Work Group Neurochemistry and Neurodegeneration (AG Otto)

 
Aims

The neurochemical differential and early diagnosis of neurodegenerative diseases represents the main focus of our interdisciplinary group. Using proteomic approaches, especially mass spectrometry, single molecule array (Simoa) and other sensitive methods, we attempt to identify new biomarker candidates in cerebrospinal fluid (CSF) and blood. These markers are characterized and further investigated with regard to their differential diagnostic and pathophysiological relevance. Finally, the aim is to implement these new biomarkers into clinical routine to improve (differential) diagnosis, convenience for patients and personalized medicine.

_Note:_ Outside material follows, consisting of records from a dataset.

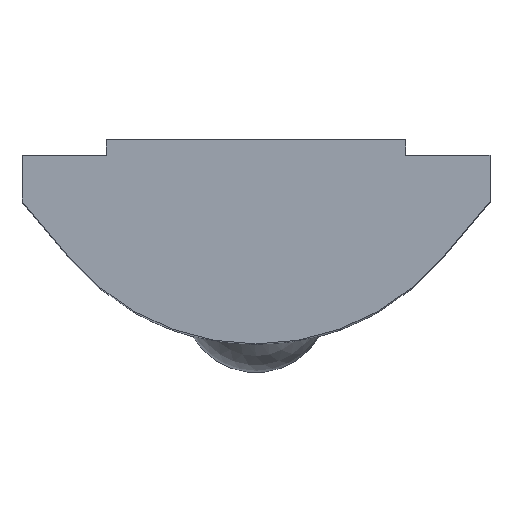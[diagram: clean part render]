
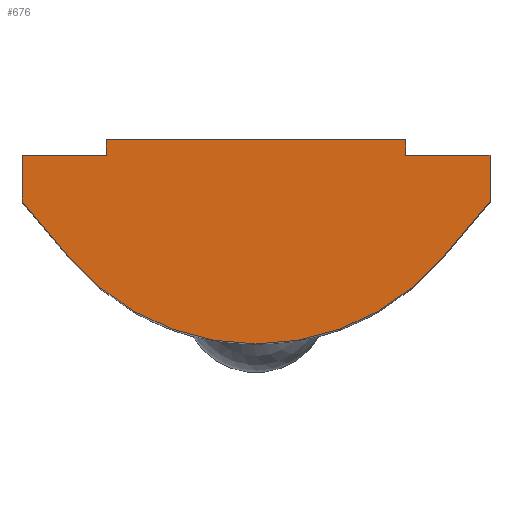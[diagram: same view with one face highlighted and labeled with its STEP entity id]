
A CAD part, top view. The second image highlights one B-rep face of the part: STEP entity #676.
In plain terms, the highlighted planar face has unit normal (0, 0, 1).
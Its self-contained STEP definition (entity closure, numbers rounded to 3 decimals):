
#358=PLANE('',#657);
#380=VECTOR('',#607,1.);
#383=VECTOR('',#612,1.);
#384=VECTOR('',#613,1.);
#385=VECTOR('',#614,1.);
#386=VECTOR('',#615,1.);
#387=VECTOR('',#616,1.);
#388=VECTOR('',#617,1.);
#389=VECTOR('',#618,1.);
#390=VECTOR('',#619,1.);
#408=LINE('',#1531,#380);
#411=LINE('',#1535,#383);
#412=LINE('',#1537,#384);
#413=LINE('',#1539,#385);
#414=LINE('',#1541,#386);
#415=LINE('',#1543,#387);
#416=LINE('',#1545,#388);
#417=LINE('',#1547,#389);
#418=LINE('',#1548,#390);
#445=ORIENTED_EDGE('',*,*,#532,.F.);
#446=ORIENTED_EDGE('',*,*,#535,.F.);
#447=ORIENTED_EDGE('',*,*,#519,.T.);
#448=ORIENTED_EDGE('',*,*,#536,.T.);
#449=ORIENTED_EDGE('',*,*,#537,.T.);
#450=ORIENTED_EDGE('',*,*,#538,.T.);
#451=ORIENTED_EDGE('',*,*,#539,.T.);
#452=ORIENTED_EDGE('',*,*,#540,.T.);
#453=ORIENTED_EDGE('',*,*,#541,.F.);
#454=ORIENTED_EDGE('',*,*,#542,.T.);
#492=CIRCLE('',#654,8.);
#496=VERTEX_POINT('',#694);
#497=VERTEX_POINT('',#696);
#508=VERTEX_POINT('',#1529);
#509=VERTEX_POINT('',#1530);
#510=VERTEX_POINT('',#1536);
#511=VERTEX_POINT('',#1538);
#512=VERTEX_POINT('',#1540);
#513=VERTEX_POINT('',#1542);
#514=VERTEX_POINT('',#1544);
#515=VERTEX_POINT('',#1546);
#519=EDGE_CURVE('',#497,#496,#492,.T.);
#532=EDGE_CURVE('',#508,#509,#408,.T.);
#535=EDGE_CURVE('',#497,#508,#411,.T.);
#536=EDGE_CURVE('',#496,#510,#412,.T.);
#537=EDGE_CURVE('',#510,#511,#413,.T.);
#538=EDGE_CURVE('',#511,#512,#414,.T.);
#539=EDGE_CURVE('',#512,#513,#415,.T.);
#540=EDGE_CURVE('',#513,#514,#416,.T.);
#541=EDGE_CURVE('',#515,#514,#417,.T.);
#542=EDGE_CURVE('',#515,#509,#418,.T.);
#555=EDGE_LOOP('',(#445,#446,#447,#448,#449,#450,#451,#452,#453,#454));
#573=FACE_BOUND('',#555,.T.);
#591=DIRECTION('',(0.,0.,1.));
#592=DIRECTION('',(-6.128,-5.142,0.));
#607=DIRECTION('',(0.,1.5,0.));
#610=DIRECTION('',(0.,0.,1.));
#611=DIRECTION('',(0.,-1.,0.));
#612=DIRECTION('',(-1.522,1.813,0.));
#613=DIRECTION('',(1.522,1.813,0.));
#614=DIRECTION('',(0.,1.5,0.));
#615=DIRECTION('',(-2.75,0.,0.));
#616=DIRECTION('',(0.,0.5,0.));
#617=DIRECTION('',(-9.8,0.,0.));
#618=DIRECTION('',(0.,0.5,0.));
#619=DIRECTION('',(-2.75,0.,0.));
#654=AXIS2_PLACEMENT_3D('',#697,#591,#592);
#657=AXIS2_PLACEMENT_3D('',#1534,#610,#611);
#676=ADVANCED_FACE('',(#573),#358,.T.);
#694=CARTESIAN_POINT('',(6.128,-3.813,23.));
#696=CARTESIAN_POINT('',(-6.128,-3.813,23.));
#697=CARTESIAN_POINT('',(0.,1.329,23.));
#1529=CARTESIAN_POINT('',(-7.65,-2.,23.));
#1530=CARTESIAN_POINT('',(-7.65,-0.5,23.));
#1531=CARTESIAN_POINT('',(-7.65,-2.,23.));
#1534=CARTESIAN_POINT('',(-7.65,-2.,23.));
#1535=CARTESIAN_POINT('',(-6.128,-3.813,23.));
#1536=CARTESIAN_POINT('',(7.65,-2.,23.));
#1537=CARTESIAN_POINT('',(6.128,-3.813,23.));
#1538=CARTESIAN_POINT('',(7.65,-0.5,23.));
#1539=CARTESIAN_POINT('',(7.65,-2.,23.));
#1540=CARTESIAN_POINT('',(4.9,-0.5,23.));
#1541=CARTESIAN_POINT('',(7.65,-0.5,23.));
#1542=CARTESIAN_POINT('',(4.9,0.,23.));
#1543=CARTESIAN_POINT('',(4.9,-0.5,23.));
#1544=CARTESIAN_POINT('',(-4.9,0.,23.));
#1545=CARTESIAN_POINT('',(4.9,0.,23.));
#1546=CARTESIAN_POINT('',(-4.9,-0.5,23.));
#1547=CARTESIAN_POINT('',(-4.9,-0.5,23.));
#1548=CARTESIAN_POINT('',(-4.9,-0.5,23.));

As a model, we first concentrated on the differential diagnosis of Creutzfeldt-Jakob disease. We now also apply these methods for the diagnosis of other neurodegenerative diseases such as Alzheimer’s disease, Parkinson´s disease and related diseases and especially frontotemporal dementia and amyotrophic lateral sclerosis (ALS) (European reference lab for the diagnosis of neurodegenerative diseases). More recently, we extended our focus to psychiatric diseases, e.g. major depressive disorder. Furthermore, we investigate multiple sclerosis patients (MS) towards the prediction of the disease course and the monitoring of disease severity and therapy efficacy based on neurochemical markers (Collaboration with AG Tumani).

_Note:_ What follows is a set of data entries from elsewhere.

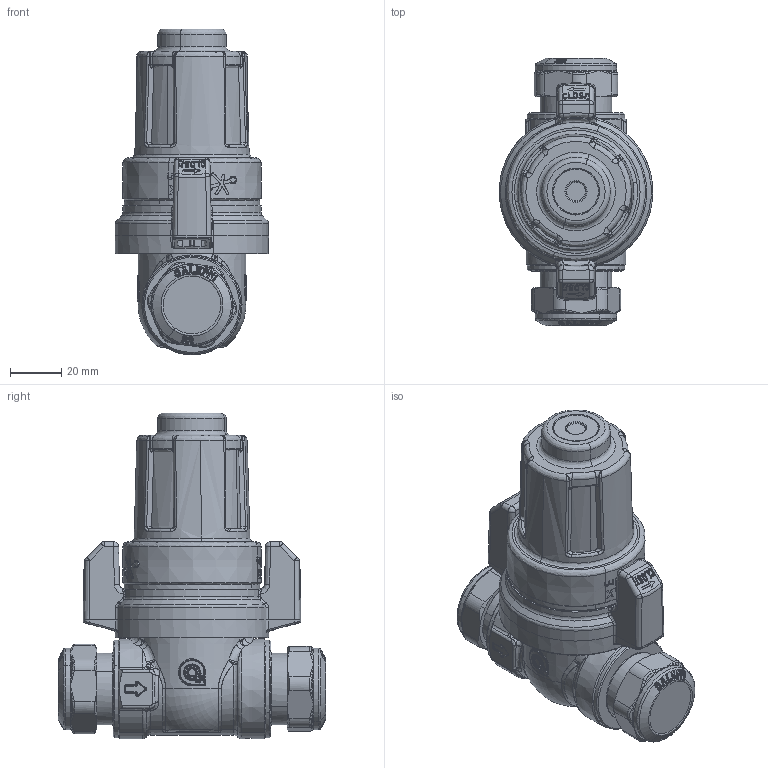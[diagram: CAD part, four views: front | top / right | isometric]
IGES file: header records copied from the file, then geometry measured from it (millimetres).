
Start section: START RECORD GO HERE.
Global section: file name: IGES_545912_-_TST.igs; native system: DASSAULT SYSTEMES CATIA Version 5-6 Release 2019 - www.3ds.com; preprocessor: V5-6R2019_5.29.3.0.06-20-2019.20.00; author: advantage; organization: CALEFFI; date: 20220822.161718; units: millimetre
Bounding box: 59.81 x 104.36 x 127.1 mm (x, y, z)
Surface area: 37107.9 mm2 (no closed solid volume)
Topology: 0 solids, 0 shells, 2905 faces, 13994 edges, 13804 vertices
Faces by surface type: bspline 1466, revolution 804, plane 353, extrusion 282

A special focus of our research is put on brain-derived biomarkers indicative for neuro-axonal death such as the neuronal structure proteins neurofilament light (NfL) and phosphorylated neurofilament heavy chain (pNfH). Here, we work on the establishment of cut-off levels and investigate the potential of neurofilaments for prognosis and monitoring of different neurodegenerative diseases using highly sensitive detection methods. For the differential diagnosis of ALS we already routinely analyze NfL in serum and pNfH in CSF in our laboratories. For the diagnosis of narcolepsy our lab offers the measurement of orexin in CSF. More information can be found on the website of the CSF laboratory (https://www.uniklinik-ulm.de/neurologie/laboratorien/liquorlabor.html). We are involved in international round robin studies on neurofilament measurement (e.g. ALS Association) which are important for the implementation of neurofilaments into the diagnostic criteria of ALS.

We belong to national and international networks of specialized centers and are involved in the collection of biomaterials to build up large bio-depositories to enable research focused on the spectrum of neurodegenerative diseases which are often very rare.

Our group initiated the German Research Consortium of frontotemporal lobar degeneration to develop and evaluate parameters which help clinicians to diagnose FTLD at an early stage and follow its progression, with the overall aim to develop effective objective targets for therapeutic strategies (www.ftld.de). As this was successful, we have now started clinical trials in FTLD, investigating an active immunotherapy directed against pathologically modified tau protein that is the main constituent of pathological changes in nonfluent variant of PPA.

An important point for the implementation of fluid biomarkers into clinical routine is the standardization of sample collection, processing and storage. We are involved in several international networks with the aim to advance standardization in CSF analysis (BiomarkAPD, SOPHIA, CSF Society, KKNMS) and regularly provide workshops on basic knowledge to work with CSF.

In translational approaches we work on the elucidation of processes underlying neurodegenerative diseases or try to clarify the role that a newly identified or already established biomarker has. Widely used animal models, such as the SOD1G93A mouse, a model for ALS, as well as animals generated by our selves, such as the 14-3-3 gamma knockout mouse, are characterized within our group using a broad spectrum of techniques.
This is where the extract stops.